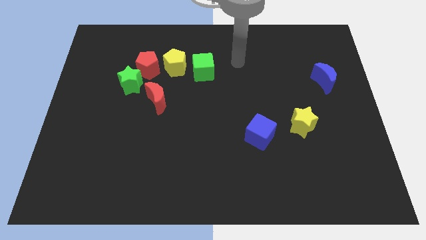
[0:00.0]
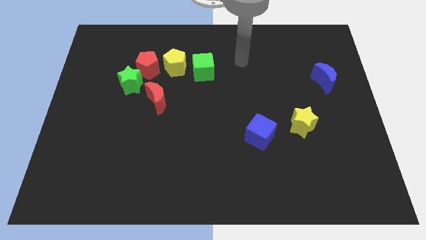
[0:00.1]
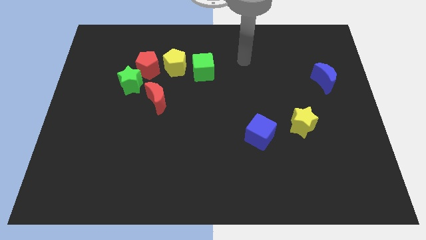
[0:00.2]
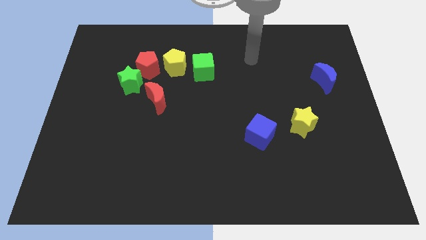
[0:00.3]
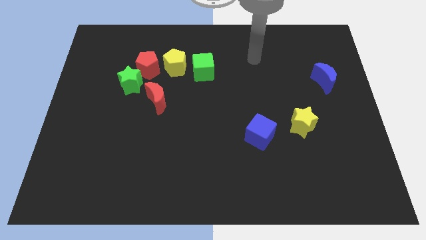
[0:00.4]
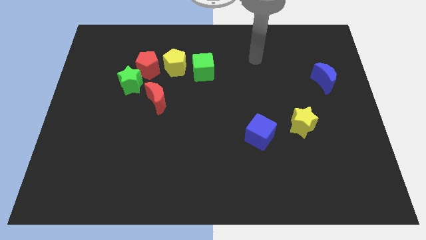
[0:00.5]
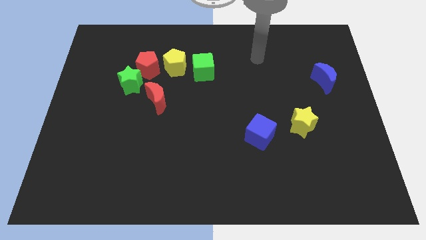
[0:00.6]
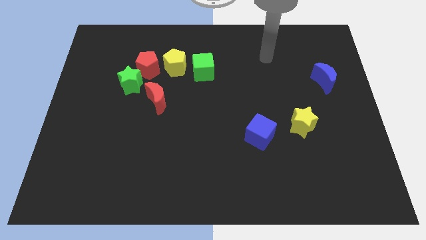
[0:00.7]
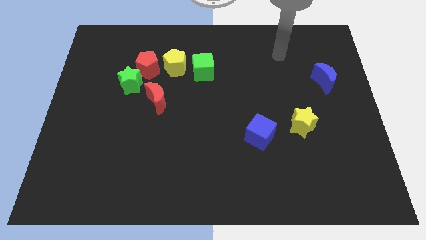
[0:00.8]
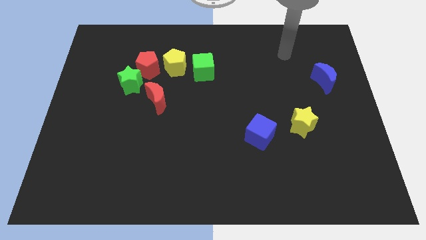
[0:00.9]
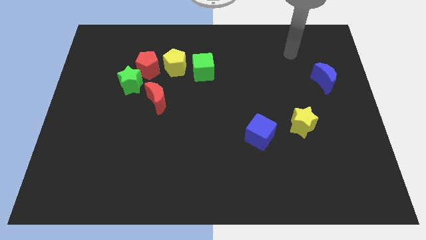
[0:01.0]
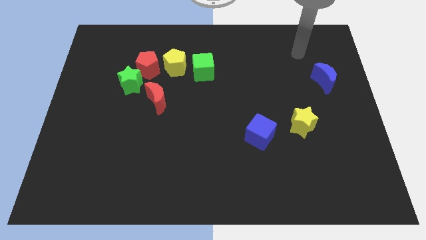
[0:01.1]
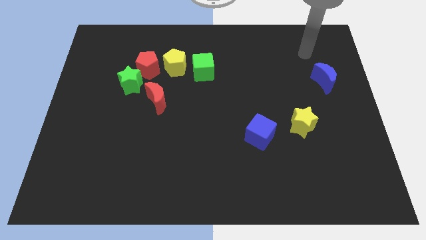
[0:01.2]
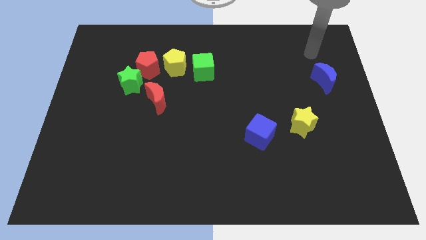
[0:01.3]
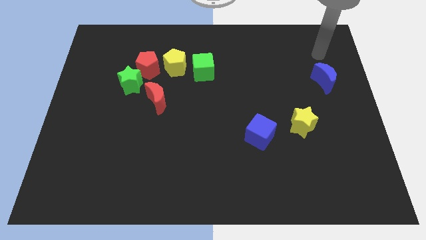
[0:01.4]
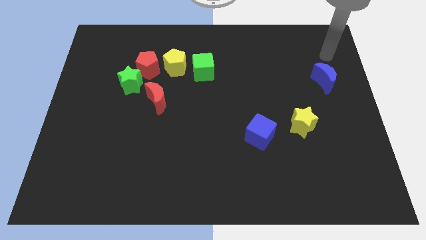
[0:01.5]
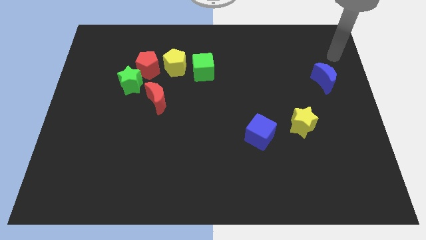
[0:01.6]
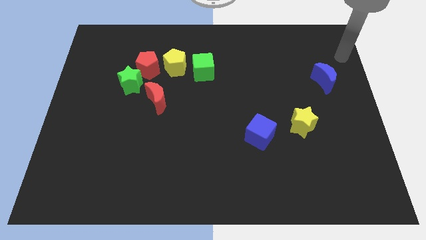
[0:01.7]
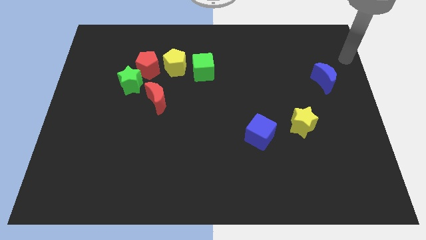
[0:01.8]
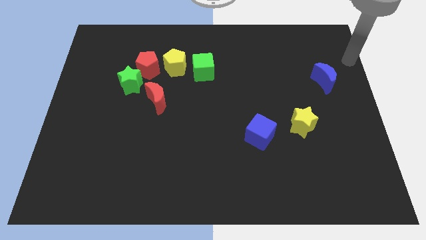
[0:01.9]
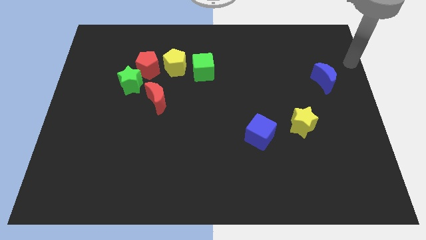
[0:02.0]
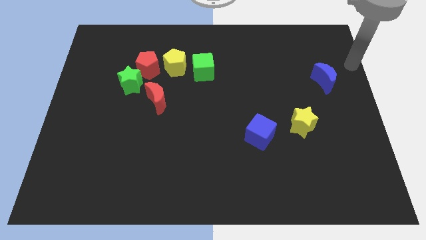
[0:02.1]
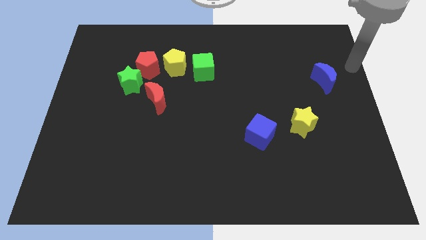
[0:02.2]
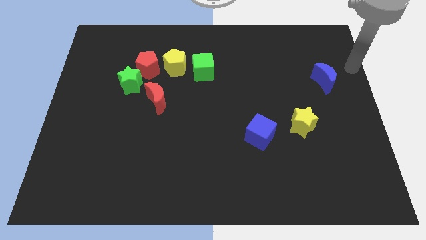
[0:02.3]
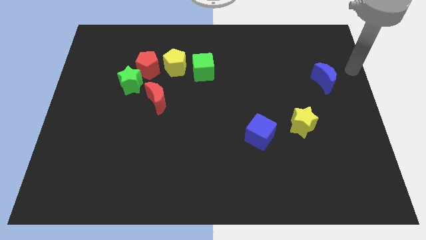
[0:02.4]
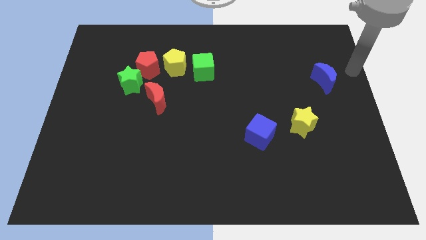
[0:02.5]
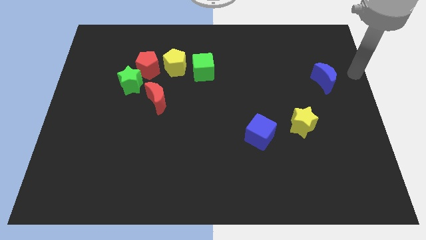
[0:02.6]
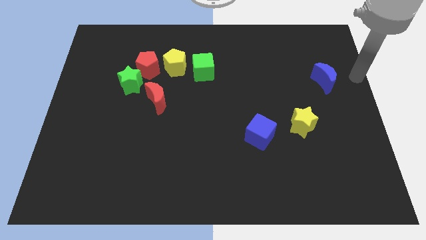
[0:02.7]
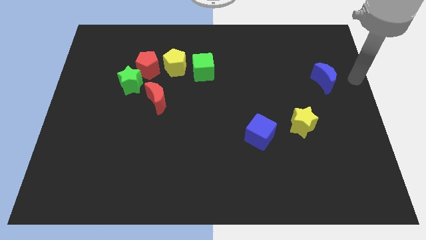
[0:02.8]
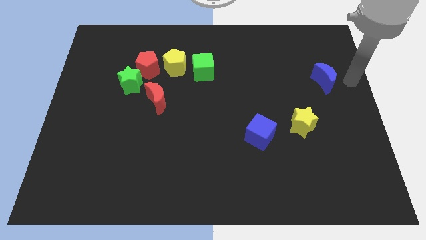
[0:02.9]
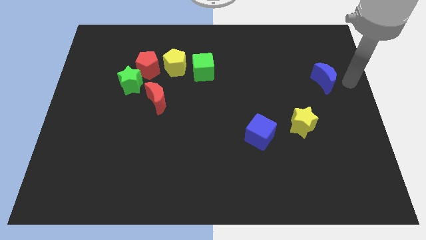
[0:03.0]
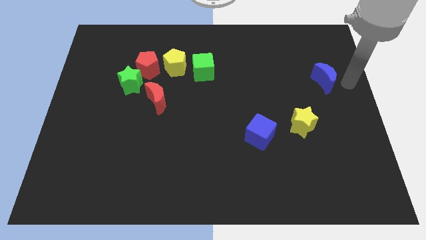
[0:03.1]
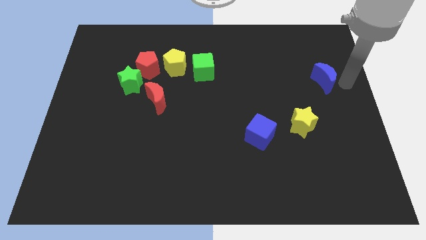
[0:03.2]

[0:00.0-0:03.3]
move your arm towards the blue crescent

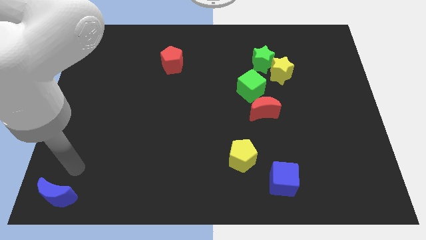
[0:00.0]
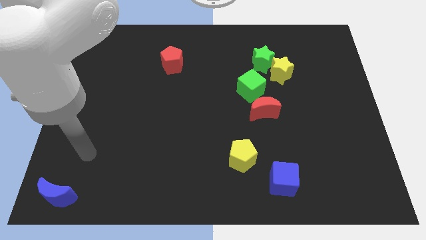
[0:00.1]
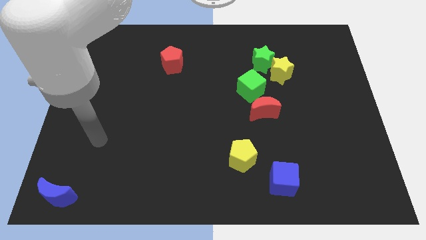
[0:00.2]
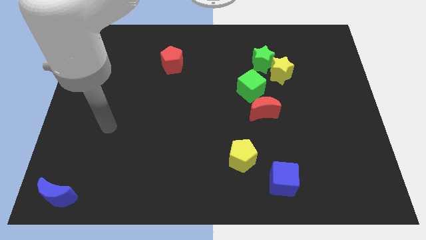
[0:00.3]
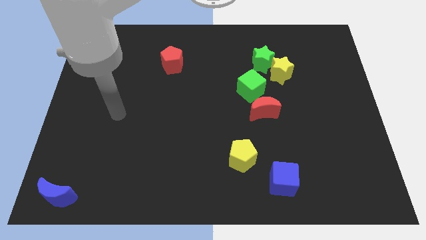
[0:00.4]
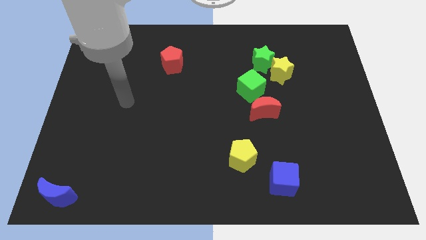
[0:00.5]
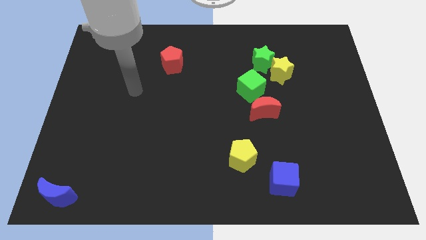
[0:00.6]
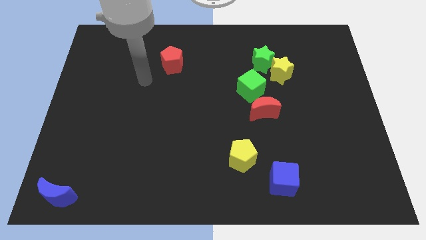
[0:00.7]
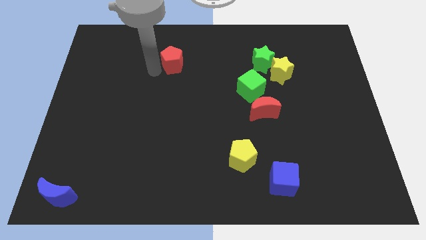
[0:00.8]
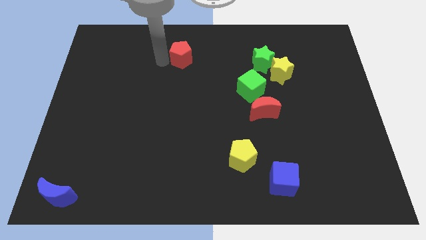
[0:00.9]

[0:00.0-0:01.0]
move your arm to the left of red pentagon

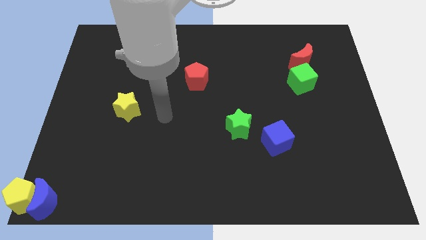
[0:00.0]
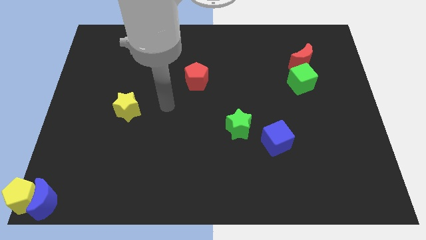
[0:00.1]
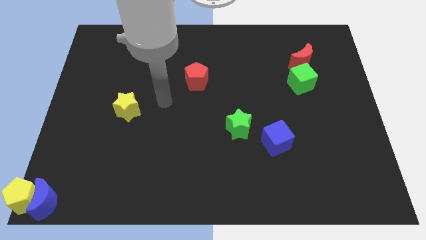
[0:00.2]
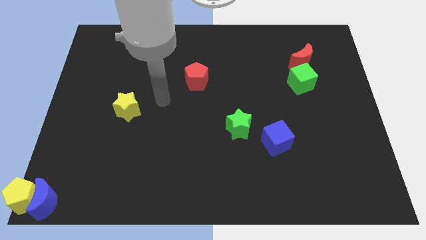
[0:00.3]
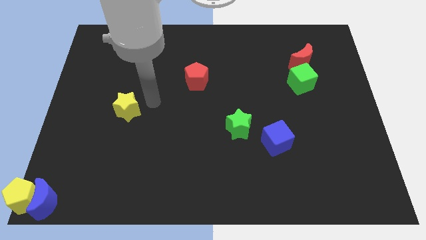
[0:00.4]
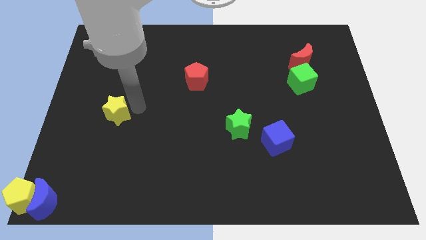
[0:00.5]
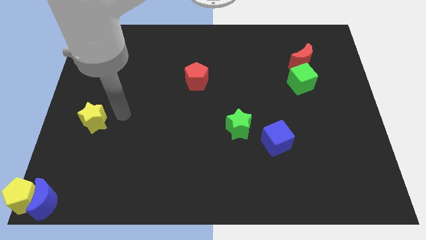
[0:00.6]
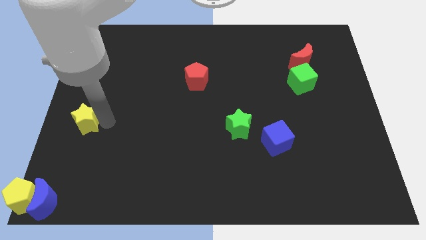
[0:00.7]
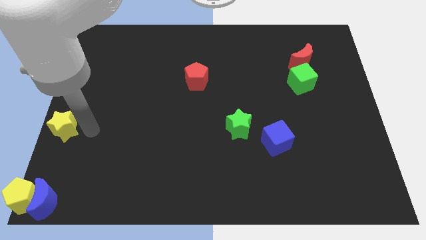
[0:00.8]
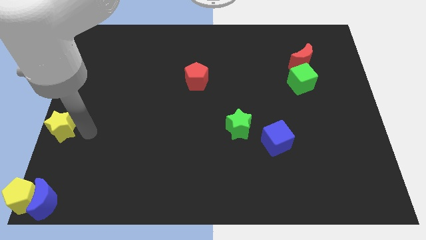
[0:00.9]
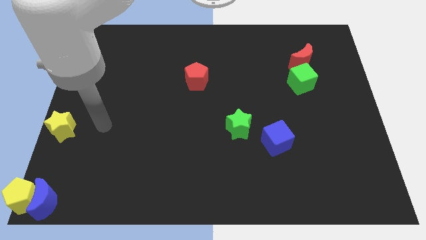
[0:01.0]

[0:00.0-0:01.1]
place yellow star at the center left

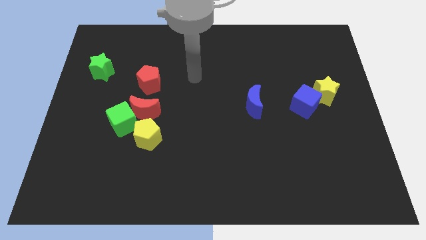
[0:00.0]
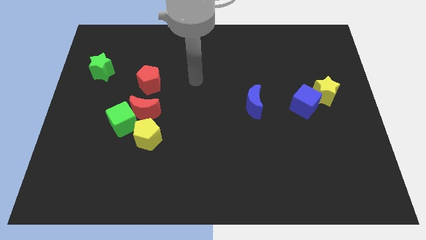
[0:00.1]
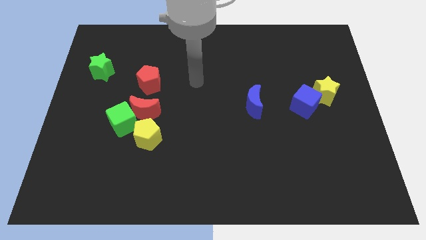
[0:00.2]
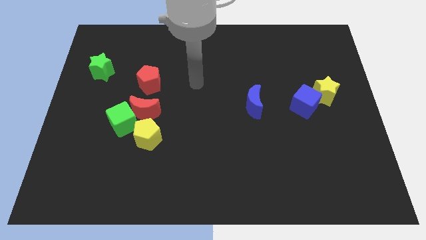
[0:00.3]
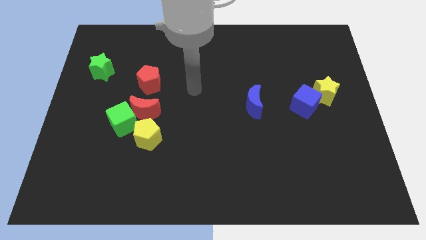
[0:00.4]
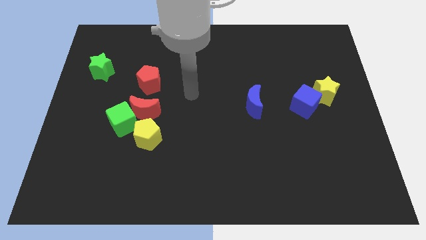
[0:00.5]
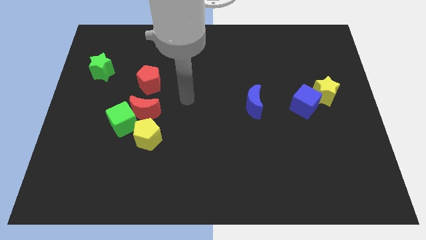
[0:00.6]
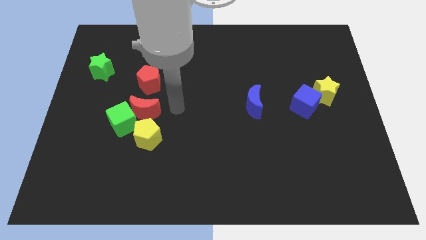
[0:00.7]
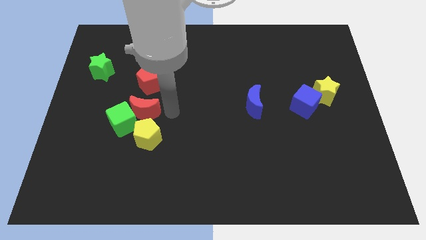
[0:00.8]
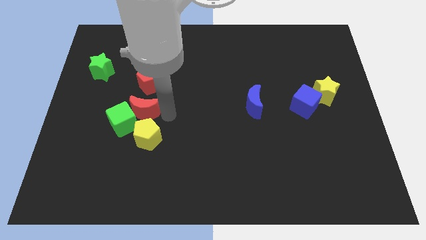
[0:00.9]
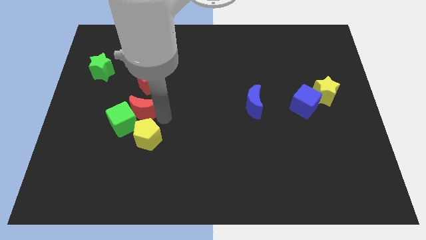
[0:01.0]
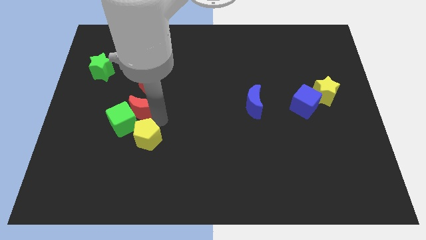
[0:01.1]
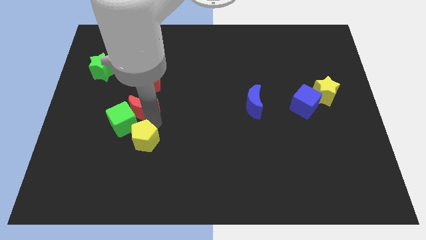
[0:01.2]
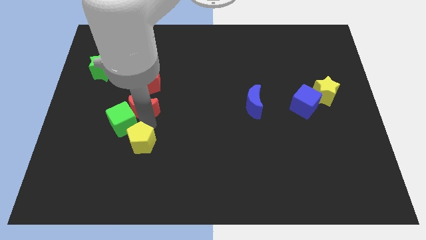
= = = = =
Exercise description: Transcribe every entry exactly, leaving out the pictures.

Task solution:
[0:00.0]
[0:00.1]
[0:00.2]
[0:00.3]
[0:00.4]
[0:00.5]
[0:00.6]
[0:00.7]
[0:00.8]
[0:00.9]
[0:01.0]
[0:01.1]
[0:01.2]
[0:01.3]
[0:01.4]
[0:01.5]
[0:01.6]
[0:01.7]
[0:01.8]
[0:01.9]
[0:02.0]
[0:02.1]
[0:02.2]
[0:02.3]
[0:02.4]
[0:02.5]
[0:02.6]
[0:02.7]
[0:02.8]
[0:02.9]
[0:03.0]
[0:03.1]
[0:03.2]

[0:00.0-0:03.3]
move your arm towards the blue crescent

[0:00.0]
[0:00.1]
[0:00.2]
[0:00.3]
[0:00.4]
[0:00.5]
[0:00.6]
[0:00.7]
[0:00.8]
[0:00.9]

[0:00.0-0:01.0]
move your arm to the left of red pentagon

[0:00.0]
[0:00.1]
[0:00.2]
[0:00.3]
[0:00.4]
[0:00.5]
[0:00.6]
[0:00.7]
[0:00.8]
[0:00.9]
[0:01.0]

[0:00.0-0:01.1]
place yellow star at the center left

[0:00.0]
[0:00.1]
[0:00.2]
[0:00.3]
[0:00.4]
[0:00.5]
[0:00.6]
[0:00.7]
[0:00.8]
[0:00.9]
[0:01.0]
[0:01.1]
[0:01.2]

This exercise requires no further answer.